Note each line in the data holding the string "height" and report it.

[Records from a data collection]

^^^^

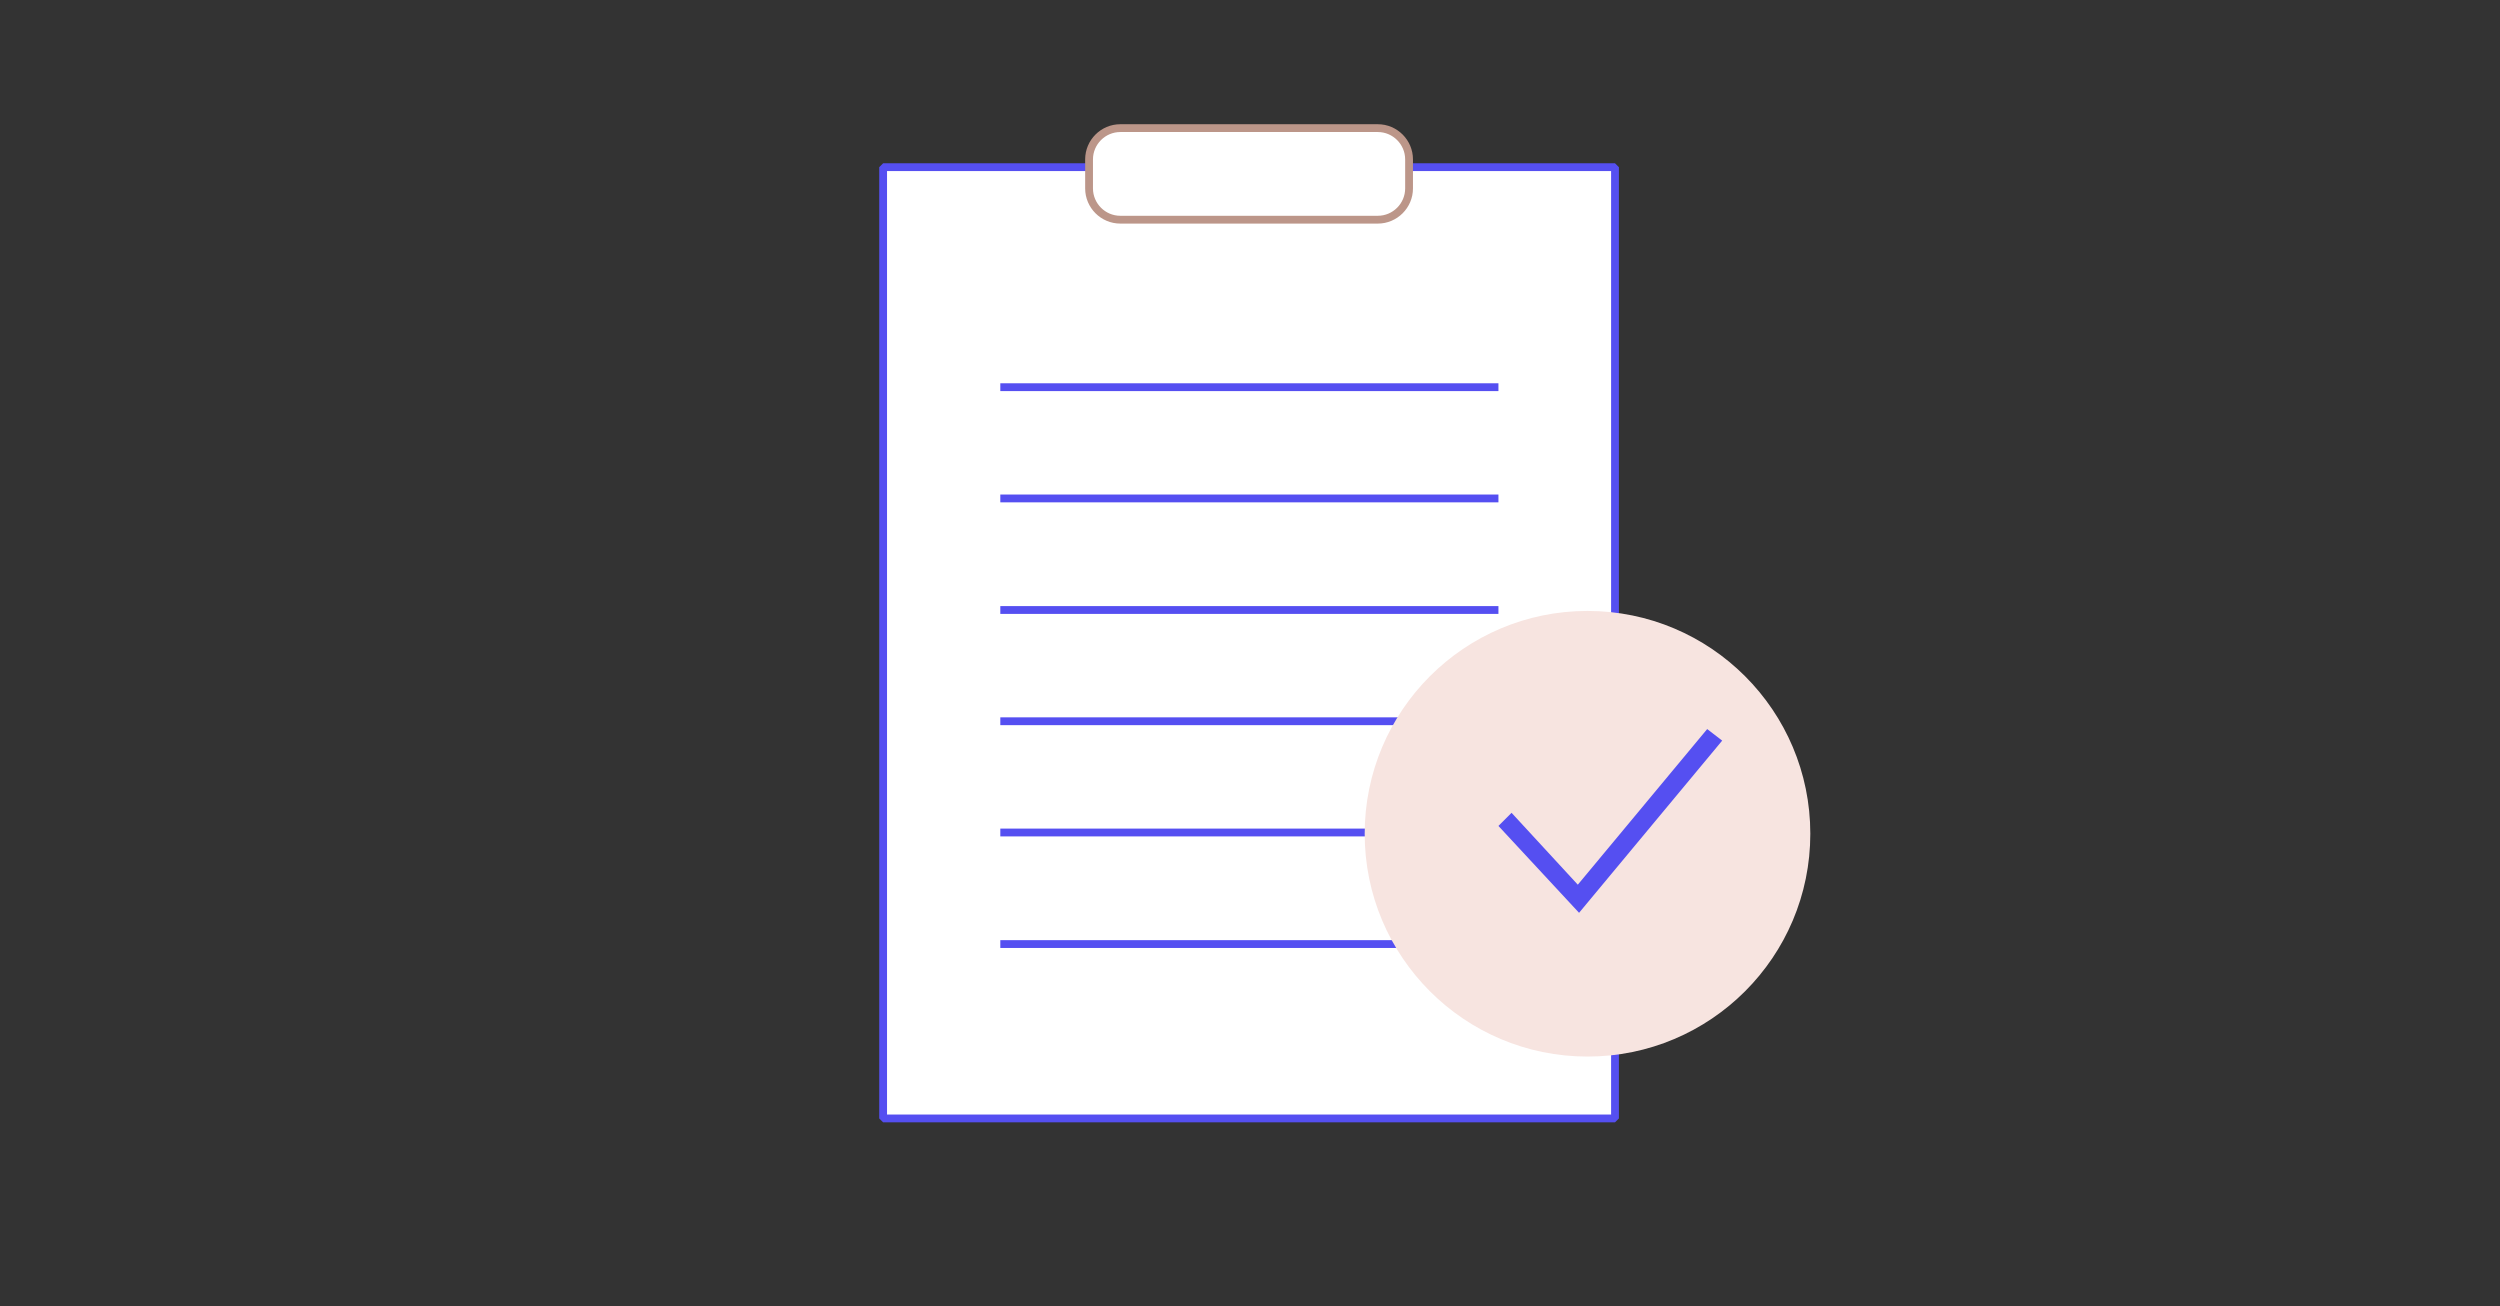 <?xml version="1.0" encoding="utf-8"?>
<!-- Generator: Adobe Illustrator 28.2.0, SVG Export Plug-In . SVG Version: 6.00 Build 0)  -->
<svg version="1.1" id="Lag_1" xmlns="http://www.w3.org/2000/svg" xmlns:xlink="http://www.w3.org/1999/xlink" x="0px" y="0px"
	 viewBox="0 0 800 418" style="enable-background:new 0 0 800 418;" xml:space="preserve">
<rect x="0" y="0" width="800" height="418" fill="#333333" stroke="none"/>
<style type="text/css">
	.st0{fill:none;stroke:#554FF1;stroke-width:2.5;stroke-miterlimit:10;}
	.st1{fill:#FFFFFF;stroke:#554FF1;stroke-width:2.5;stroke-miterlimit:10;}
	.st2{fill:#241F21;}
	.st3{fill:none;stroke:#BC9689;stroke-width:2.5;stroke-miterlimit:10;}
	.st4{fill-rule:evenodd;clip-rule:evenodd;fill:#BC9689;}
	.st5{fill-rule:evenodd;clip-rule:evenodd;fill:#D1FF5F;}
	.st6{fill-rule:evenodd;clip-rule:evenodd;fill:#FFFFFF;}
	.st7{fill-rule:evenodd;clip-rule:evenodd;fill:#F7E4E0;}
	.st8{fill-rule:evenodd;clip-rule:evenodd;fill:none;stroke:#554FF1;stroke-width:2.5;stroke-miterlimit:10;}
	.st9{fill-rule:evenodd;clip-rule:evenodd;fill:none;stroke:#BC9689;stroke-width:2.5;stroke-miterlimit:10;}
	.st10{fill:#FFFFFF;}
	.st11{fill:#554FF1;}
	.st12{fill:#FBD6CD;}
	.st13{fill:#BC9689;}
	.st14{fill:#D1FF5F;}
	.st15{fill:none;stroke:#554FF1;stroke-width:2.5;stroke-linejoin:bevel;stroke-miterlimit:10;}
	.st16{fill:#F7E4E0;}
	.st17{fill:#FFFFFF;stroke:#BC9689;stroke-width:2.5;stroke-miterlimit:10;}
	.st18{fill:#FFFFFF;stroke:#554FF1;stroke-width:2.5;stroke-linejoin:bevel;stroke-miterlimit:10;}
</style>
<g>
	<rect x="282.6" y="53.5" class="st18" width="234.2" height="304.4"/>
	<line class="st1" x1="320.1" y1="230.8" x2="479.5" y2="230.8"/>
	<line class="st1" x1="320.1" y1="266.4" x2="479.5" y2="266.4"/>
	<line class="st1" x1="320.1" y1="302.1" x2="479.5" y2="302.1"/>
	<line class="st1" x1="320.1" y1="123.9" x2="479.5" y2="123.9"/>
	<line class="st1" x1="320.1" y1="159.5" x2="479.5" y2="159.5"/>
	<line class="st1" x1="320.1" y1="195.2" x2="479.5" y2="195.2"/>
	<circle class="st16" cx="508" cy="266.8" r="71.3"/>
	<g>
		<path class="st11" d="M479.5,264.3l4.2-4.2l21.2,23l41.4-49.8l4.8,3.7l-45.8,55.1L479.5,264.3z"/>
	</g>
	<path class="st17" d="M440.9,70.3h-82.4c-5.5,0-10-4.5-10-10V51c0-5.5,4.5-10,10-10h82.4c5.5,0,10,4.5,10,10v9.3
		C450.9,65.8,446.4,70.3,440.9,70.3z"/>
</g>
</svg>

^^^^

* **RESPONSE TO THIS EXERCISE**:
<rect x="0" y="0" width="800" height="418" fill="#333333" stroke="none"/>
	<rect x="282.6" y="53.5" class="st18" width="234.2" height="304.4"/>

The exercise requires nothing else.